• [PROBLEM]: The finished copy should hold every entry exactly as given, and no pictures.

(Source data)
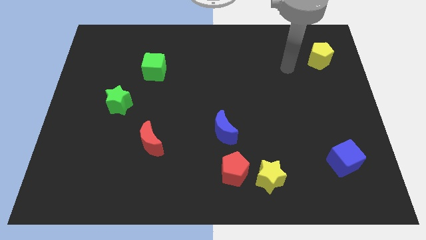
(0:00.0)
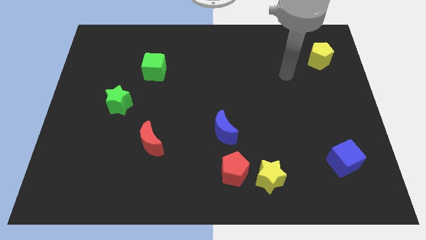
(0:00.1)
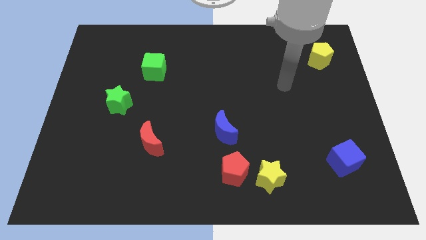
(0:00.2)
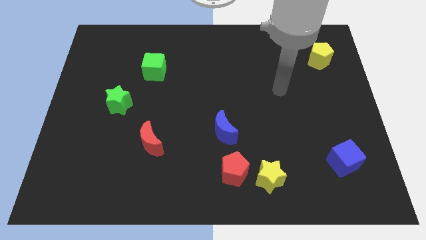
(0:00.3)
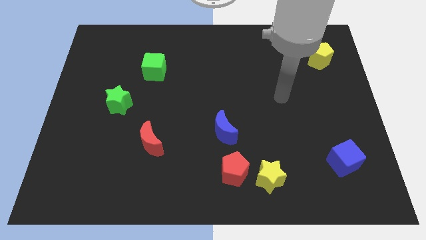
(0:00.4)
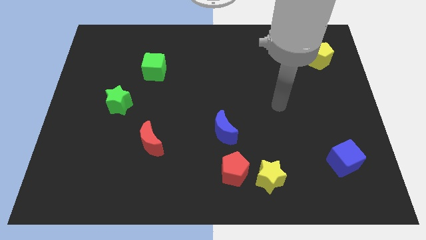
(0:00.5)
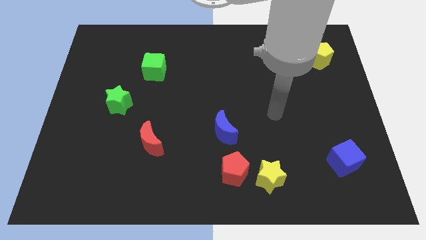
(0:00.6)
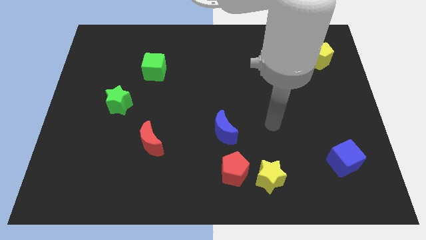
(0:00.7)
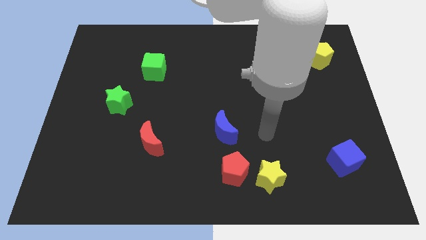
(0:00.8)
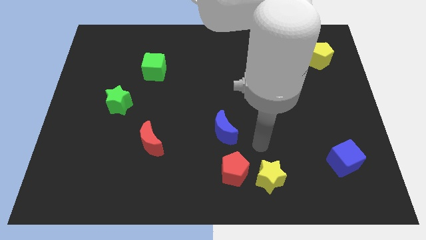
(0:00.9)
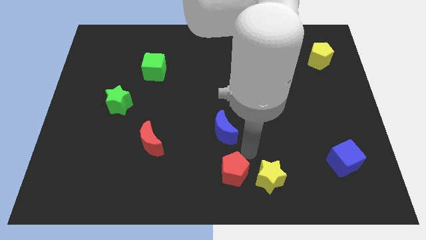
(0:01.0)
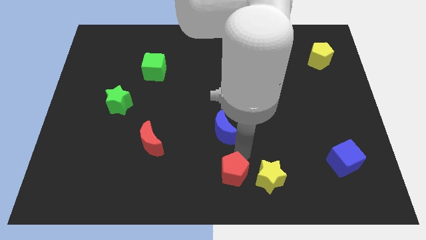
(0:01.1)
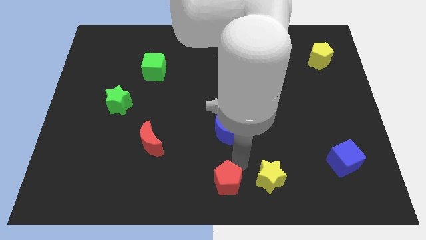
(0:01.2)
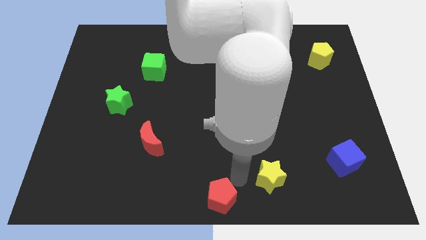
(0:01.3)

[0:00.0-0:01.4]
pull the yellow star apart from the red pentagon

• [TASK SOLUTION]:
(0:00.0)
(0:00.1)
(0:00.2)
(0:00.3)
(0:00.4)
(0:00.5)
(0:00.6)
(0:00.7)
(0:00.8)
(0:00.9)
(0:01.0)
(0:01.1)
(0:01.2)
(0:01.3)

[0:00.0-0:01.4]
pull the yellow star apart from the red pentagon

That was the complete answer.